*DIRECTIONS FOR THIS TASK*.
The reply must repeat each entry exactly and contain no pictures.

*Data excerpts*.
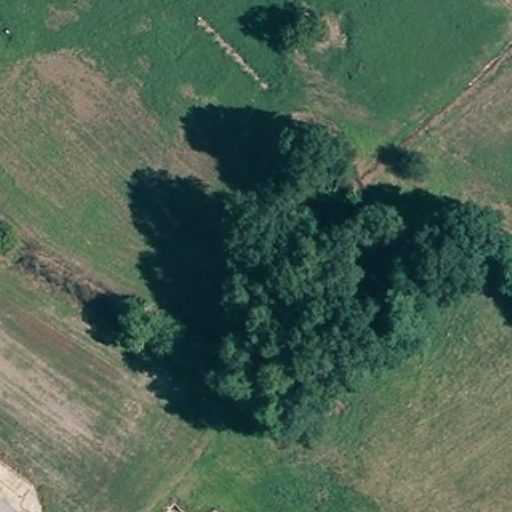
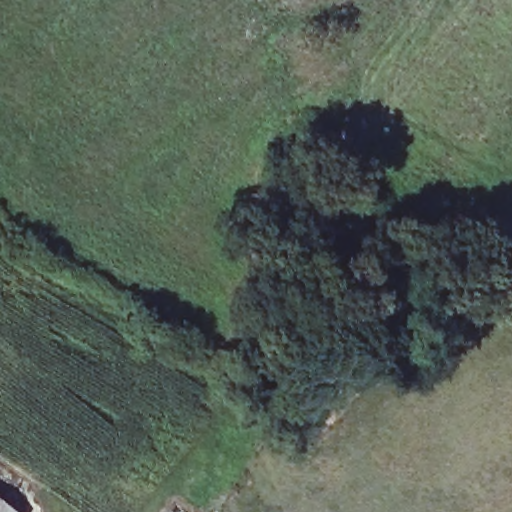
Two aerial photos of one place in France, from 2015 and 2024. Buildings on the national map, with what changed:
unchanged [(15,512),(0,512),(0,500),(15,512)]

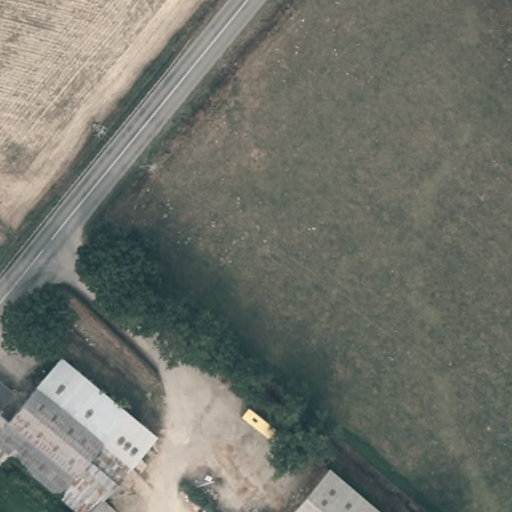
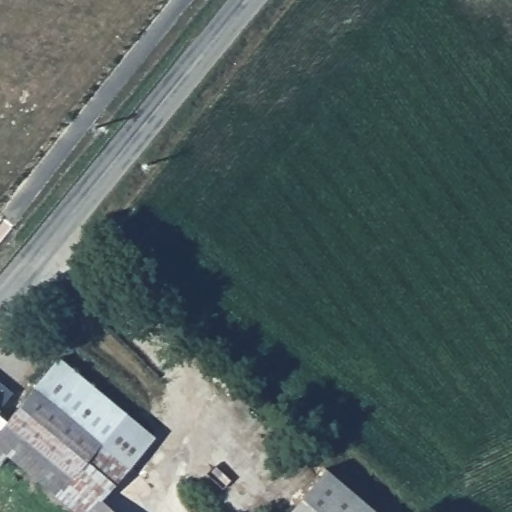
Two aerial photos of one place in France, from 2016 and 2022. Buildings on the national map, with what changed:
unchanged [(56,371),(123,427),(85,473),(17,418),(56,371)]
unchanged [(3,406),(0,410),(0,404),(3,406)]
unchanged [(98,512),(63,512),(0,460),(0,410),(3,406),(17,418),(85,473),(107,491),(122,504),(114,512),(108,512),(102,508),(98,512)]
unchanged [(123,427),(145,446),(107,491),(85,473),(123,427)]
unchanged [(289,512),(324,471),(373,512),(289,512)]
unchanged [(108,512),(98,512),(102,508),(108,512)]

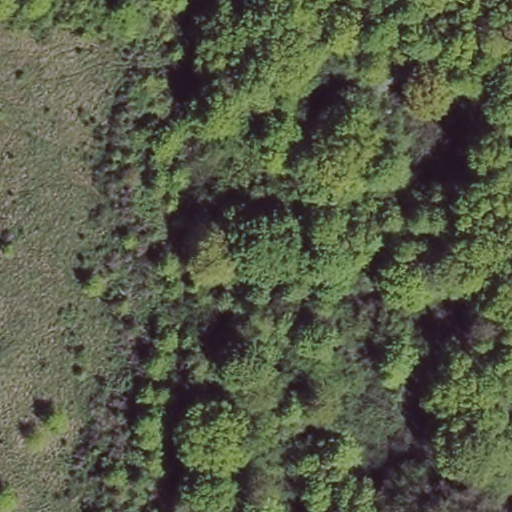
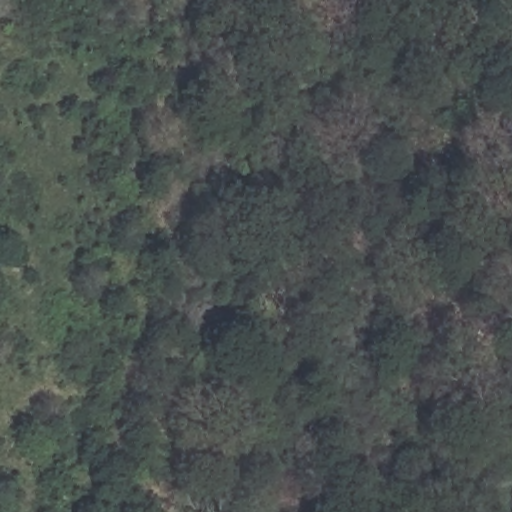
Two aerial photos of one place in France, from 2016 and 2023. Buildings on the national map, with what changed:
[]

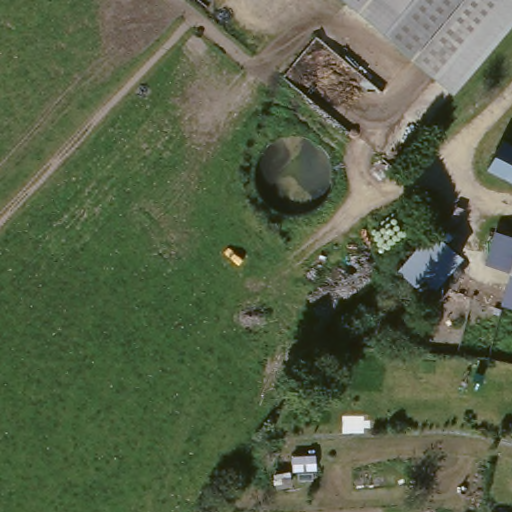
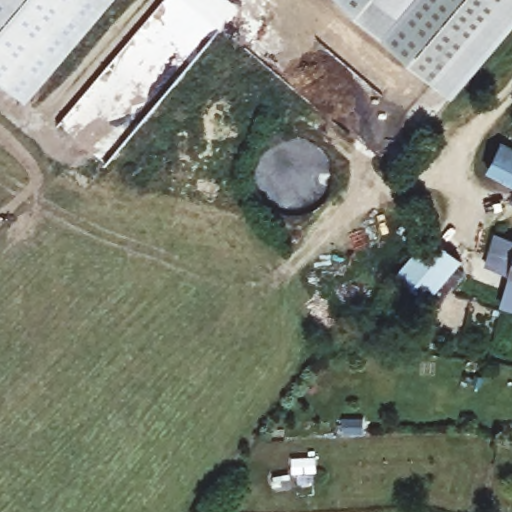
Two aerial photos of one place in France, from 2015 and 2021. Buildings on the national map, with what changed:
new [(103,0),(24,90),(0,69),(0,0),(103,0)]
unchanged [(464,0),(512,0),(512,30),(454,97),(344,0),(379,0),(426,42),(464,0)]
unchanged [(379,0),(464,0),(426,42),(379,0)]
unchanged [(512,147),(512,183),(489,171),(495,160),(504,143),(507,145),(512,147)]
unchanged [(425,239),(428,235),(456,260),(450,267),(459,275),(432,306),(396,274),(394,273),(425,239)]
unchanged [(484,269),(493,235),(512,240),(512,277),(508,276),(484,269)]
unchanged [(508,276),(512,277),(512,309),(500,306),(508,276)]

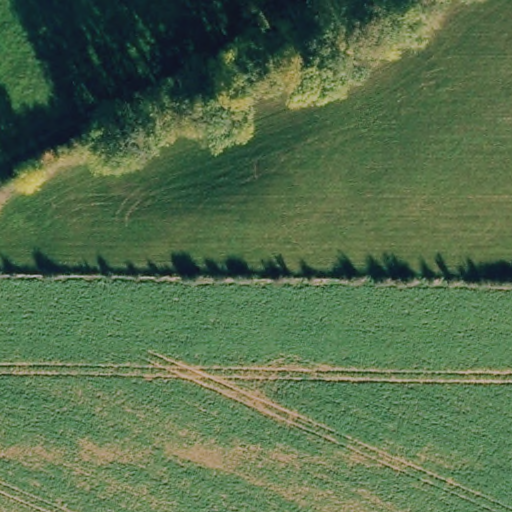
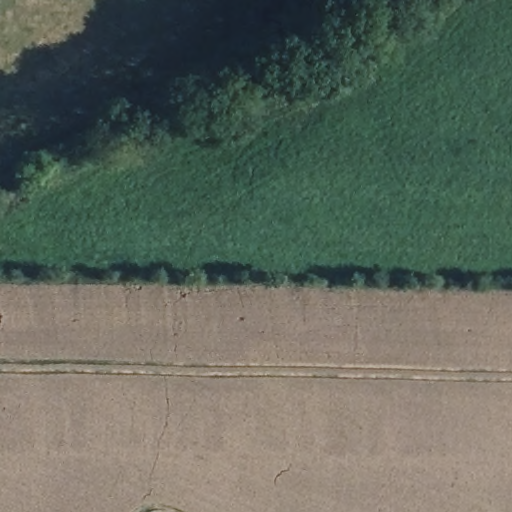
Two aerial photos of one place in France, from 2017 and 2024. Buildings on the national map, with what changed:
[]

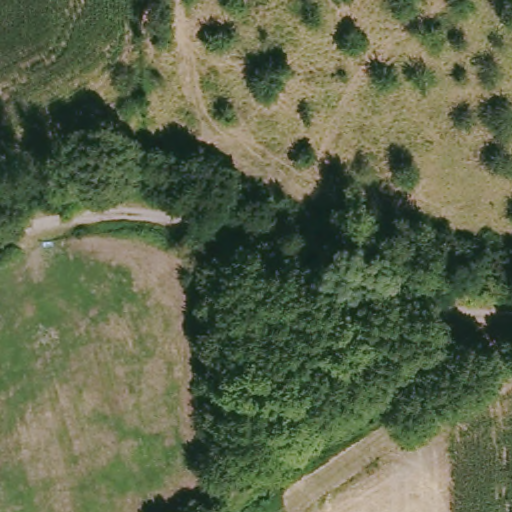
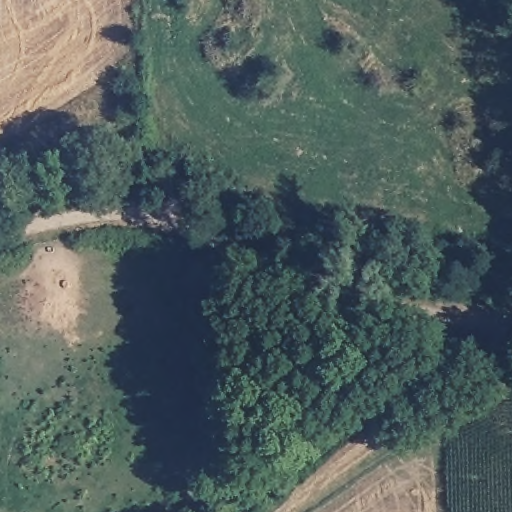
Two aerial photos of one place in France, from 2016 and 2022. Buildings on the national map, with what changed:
unchanged [(93,169),(61,171),(61,153),(92,145),(93,169)]

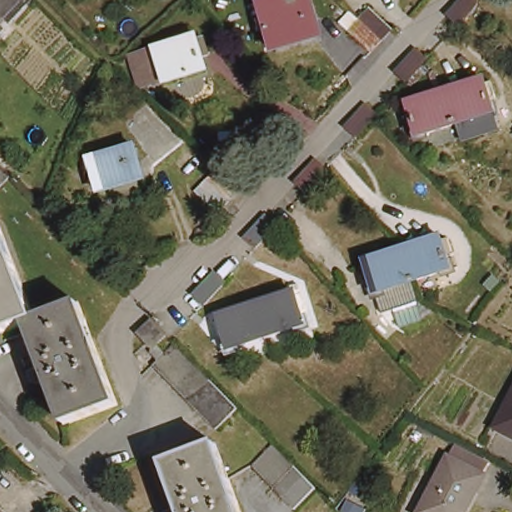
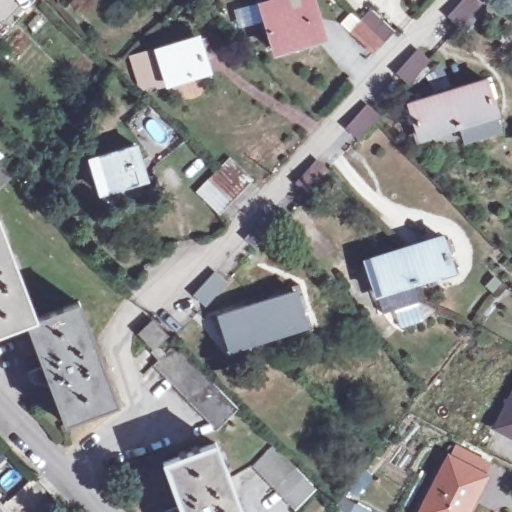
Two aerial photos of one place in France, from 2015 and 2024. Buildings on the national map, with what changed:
unchanged [(311,21),(315,38),(275,50),(261,3),(271,0),(312,0),(318,19),(311,21)]
unchanged [(452,14),(465,0),(481,0),(483,2),(462,24),(452,14)]
unchanged [(351,29),(361,19),(372,6),(393,26),(382,38),(372,49),(351,29)]
unchanged [(213,37),(221,35),(226,53),(218,55),(222,66),(173,81),(171,78),(159,82),(154,78),(146,51),(173,43),(174,44),(210,33),(213,37)]
unchanged [(420,49),(431,59),(412,81),(400,71),(420,49)]
unchanged [(480,73),(497,124),(463,135),(456,119),(416,133),(405,98),(480,73)]
unchanged [(361,136),(350,126),(371,104),(381,114),(361,136)]
unchanged [(106,194),(104,182),(101,164),(94,164),(93,150),(99,149),(98,148),(143,139),(145,154),(137,156),(140,175),(142,188),(106,194)]
unchanged [(199,193),(210,180),(221,169),(231,159),(252,178),(242,189),(232,199),(220,212),(199,193)]
unchanged [(321,159),(331,169),(311,192),(300,182),(321,159)]
unchanged [(16,178),(0,193),(0,162),(16,178)]
unchanged [(251,235),(270,215),(281,226),(259,249),(248,239),(251,235)]
unchanged [(37,319),(82,303),(119,404),(65,424),(50,381),(43,382),(42,377),(35,379),(30,369),(43,364),(28,325),(0,334),(0,218),(37,319)]
unchanged [(404,248),(441,236),(443,243),(449,240),(454,257),(448,258),(453,270),(415,282),(404,248)]
unchanged [(381,293),(377,282),(371,284),(366,269),(371,267),(369,259),(404,248),(415,282),(381,293)]
unchanged [(216,274),(227,284),(207,307),(195,297),(216,274)]
unchanged [(295,308),(303,305),(307,317),(309,317),(312,327),(303,330),(302,326),(228,351),(229,354),(221,357),(214,335),(221,332),(216,316),(290,292),(295,308)]
unchanged [(162,329),(152,339),(143,329),(153,320),(162,329)]
unchanged [(181,344),(235,399),(214,419),(151,355),(171,334),(181,344)]
unchanged [(512,386),(512,436),(493,428),(512,386)]
unchanged [(169,507),(180,503),(164,458),(217,439),(243,512),(171,512),(169,507)]
unchanged [(317,489),(296,509),(253,464),(273,443),(317,489)]
unchanged [(487,471),(466,512),(427,512),(423,509),(452,454),(487,471)]
unchanged [(3,457),(0,459),(0,455),(3,457)]
unchanged [(16,512),(0,512),(0,496),(16,512)]

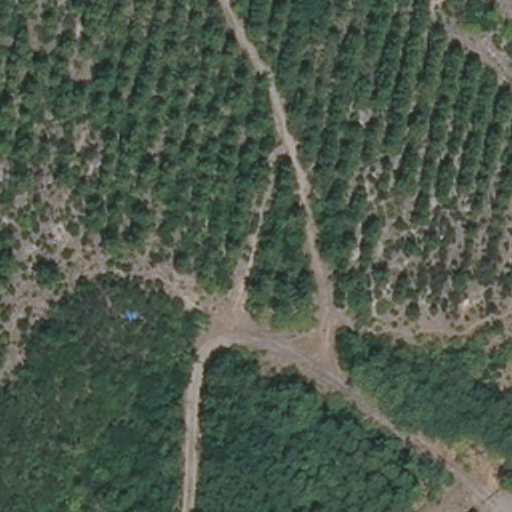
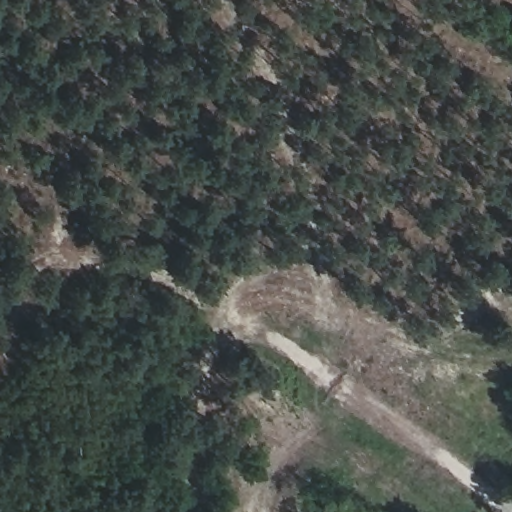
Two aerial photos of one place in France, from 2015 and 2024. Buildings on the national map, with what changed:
[]

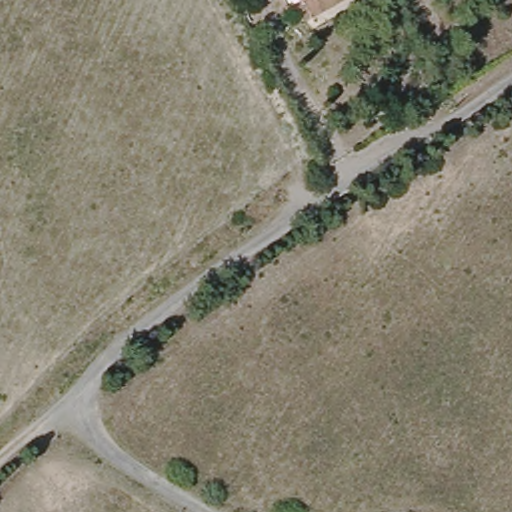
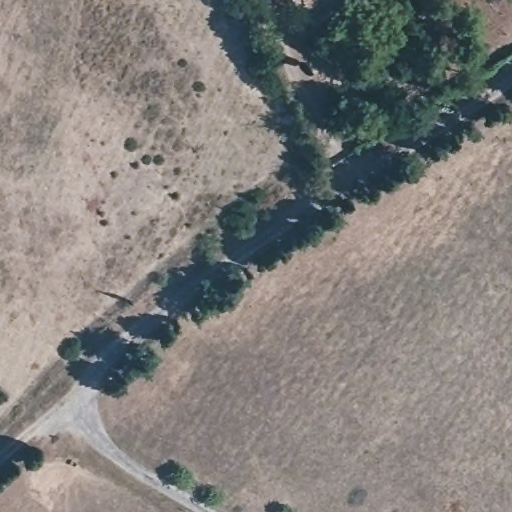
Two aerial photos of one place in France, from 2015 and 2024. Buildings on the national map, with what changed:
unchanged [(305,0),(340,0),(314,15),(305,0)]

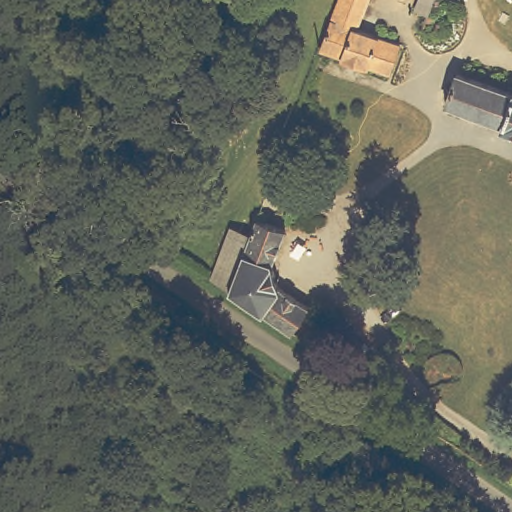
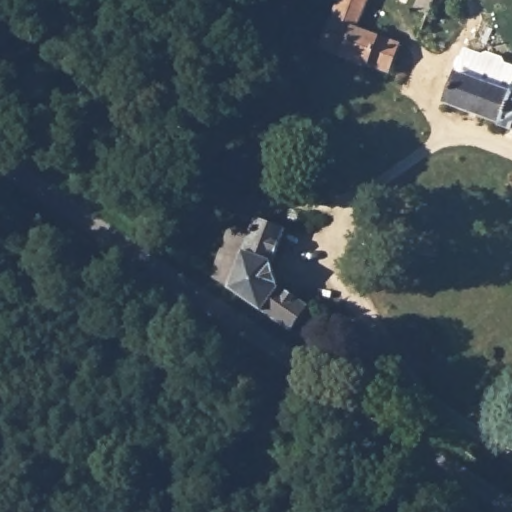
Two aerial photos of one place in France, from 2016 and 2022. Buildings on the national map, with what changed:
unchanged [(355,19),(400,38),(386,72),(319,46),(337,0),(363,0),(355,19)]
unchanged [(452,103),(468,66),(512,84),(512,124),(452,103)]
unchanged [(254,213),(284,228),(265,271),(304,300),(287,322),(226,281),(248,230),(254,213)]
unchanged [(208,268),(229,222),(248,230),(226,281),(208,268)]

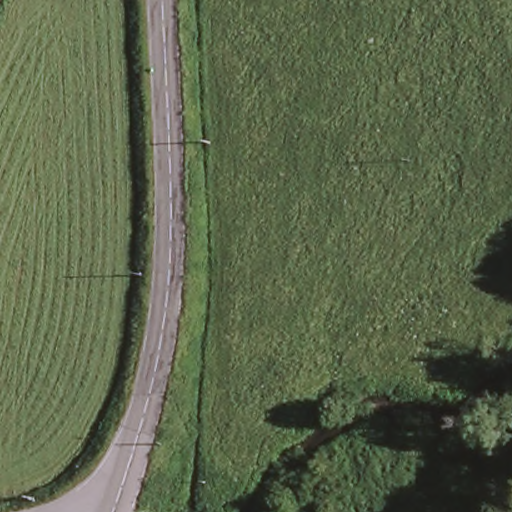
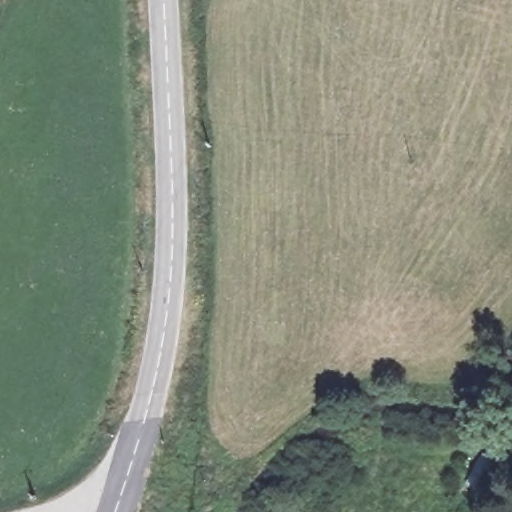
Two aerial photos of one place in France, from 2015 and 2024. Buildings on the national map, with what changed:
[]

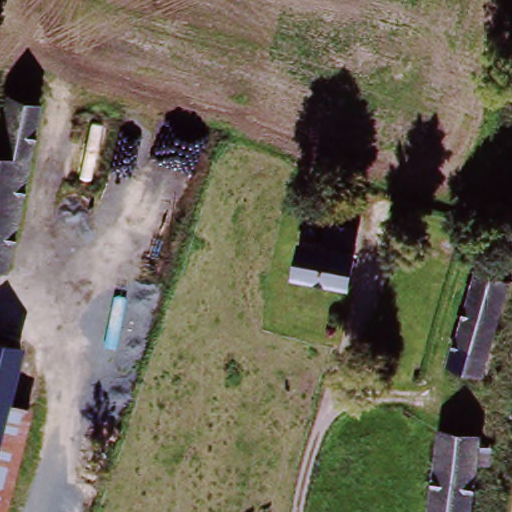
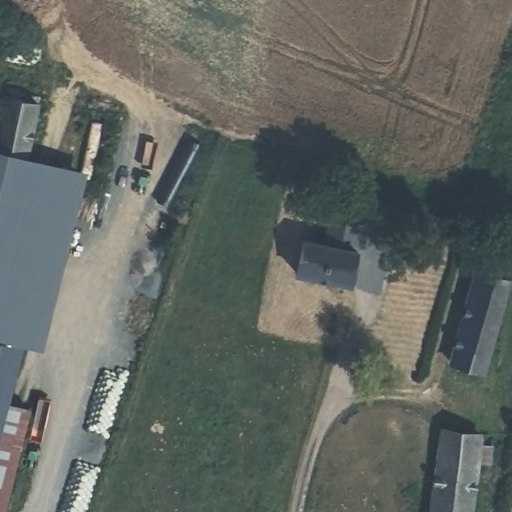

*ANSWER SPACE*.
Two aerial photos of one place in France, from 2015 and 2024. Buildings on the national map, with what changed:
unchanged [(15,512),(0,512),(0,500),(15,512)]

Two aerial photos of one place in France, from 2016 and 2022. Buildings on the national map, with what changed:
unchanged [(56,371),(123,427),(85,473),(17,418),(56,371)]
unchanged [(3,406),(0,410),(0,404),(3,406)]
unchanged [(98,512),(63,512),(0,460),(0,410),(3,406),(17,418),(85,473),(107,491),(122,504),(114,512),(108,512),(102,508),(98,512)]
unchanged [(123,427),(145,446),(107,491),(85,473),(123,427)]
unchanged [(289,512),(324,471),(373,512),(289,512)]
unchanged [(108,512),(98,512),(102,508),(108,512)]

Two aerial photos of one place in France, from 2016 and 2023. Buildings on the national map, with what changed:
[]

Two aerial photos of one place in France, from 2015 and 2021. Buildings on the national map, with what changed:
new [(103,0),(24,90),(0,69),(0,0),(103,0)]
unchanged [(464,0),(512,0),(512,30),(454,97),(344,0),(379,0),(426,42),(464,0)]
unchanged [(379,0),(464,0),(426,42),(379,0)]
unchanged [(512,147),(512,183),(489,171),(495,160),(504,143),(507,145),(512,147)]
unchanged [(425,239),(428,235),(456,260),(450,267),(459,275),(432,306),(396,274),(394,273),(425,239)]
unchanged [(484,269),(493,235),(512,240),(512,277),(508,276),(484,269)]
unchanged [(508,276),(512,277),(512,309),(500,306),(508,276)]

Two aerial photos of one place in France, from 2017 and 2024. Buildings on the national map, with what changed:
[]

Two aerial photos of one place in France, from 2016 and 2022. Buildings on the national map, with what changed:
unchanged [(93,169),(61,171),(61,153),(92,145),(93,169)]

Two aerial photos of one place in France, from 2015 and 2024. Buildings on the national map, with what changed:
unchanged [(311,21),(315,38),(275,50),(261,3),(271,0),(312,0),(318,19),(311,21)]
unchanged [(452,14),(465,0),(481,0),(483,2),(462,24),(452,14)]
unchanged [(351,29),(361,19),(372,6),(393,26),(382,38),(372,49),(351,29)]
unchanged [(213,37),(221,35),(226,53),(218,55),(222,66),(173,81),(171,78),(159,82),(154,78),(146,51),(173,43),(174,44),(210,33),(213,37)]
unchanged [(420,49),(431,59),(412,81),(400,71),(420,49)]
unchanged [(480,73),(497,124),(463,135),(456,119),(416,133),(405,98),(480,73)]
unchanged [(361,136),(350,126),(371,104),(381,114),(361,136)]
unchanged [(106,194),(104,182),(101,164),(94,164),(93,150),(99,149),(98,148),(143,139),(145,154),(137,156),(140,175),(142,188),(106,194)]
unchanged [(199,193),(210,180),(221,169),(231,159),(252,178),(242,189),(232,199),(220,212),(199,193)]
unchanged [(321,159),(331,169),(311,192),(300,182),(321,159)]
unchanged [(16,178),(0,193),(0,162),(16,178)]
unchanged [(251,235),(270,215),(281,226),(259,249),(248,239),(251,235)]
unchanged [(37,319),(82,303),(119,404),(65,424),(50,381),(43,382),(42,377),(35,379),(30,369),(43,364),(28,325),(0,334),(0,218),(37,319)]
unchanged [(404,248),(441,236),(443,243),(449,240),(454,257),(448,258),(453,270),(415,282),(404,248)]
unchanged [(381,293),(377,282),(371,284),(366,269),(371,267),(369,259),(404,248),(415,282),(381,293)]
unchanged [(216,274),(227,284),(207,307),(195,297),(216,274)]
unchanged [(295,308),(303,305),(307,317),(309,317),(312,327),(303,330),(302,326),(228,351),(229,354),(221,357),(214,335),(221,332),(216,316),(290,292),(295,308)]
unchanged [(162,329),(152,339),(143,329),(153,320),(162,329)]
unchanged [(181,344),(235,399),(214,419),(151,355),(171,334),(181,344)]
unchanged [(512,386),(512,436),(493,428),(512,386)]
unchanged [(169,507),(180,503),(164,458),(217,439),(243,512),(171,512),(169,507)]
unchanged [(317,489),(296,509),(253,464),(273,443),(317,489)]
unchanged [(487,471),(466,512),(427,512),(423,509),(452,454),(487,471)]
unchanged [(3,457),(0,459),(0,455),(3,457)]
unchanged [(16,512),(0,512),(0,496),(16,512)]

Two aerial photos of one place in France, from 2015 and 2024. Buildings on the national map, with what changed:
[]

Two aerial photos of one place in France, from 2015 and 2024. Buildings on the national map, with what changed:
unchanged [(305,0),(340,0),(314,15),(305,0)]

Two aerial photos of one place in France, from 2016 and 2022. Buildings on the national map, with what changed:
unchanged [(355,19),(400,38),(386,72),(319,46),(337,0),(363,0),(355,19)]
unchanged [(452,103),(468,66),(512,84),(512,124),(452,103)]
unchanged [(254,213),(284,228),(265,271),(304,300),(287,322),(226,281),(248,230),(254,213)]
unchanged [(208,268),(229,222),(248,230),(226,281),(208,268)]

Two aerial photos of one place in France, from 2015 and 2024. Buildings on the national map, with what changed:
[]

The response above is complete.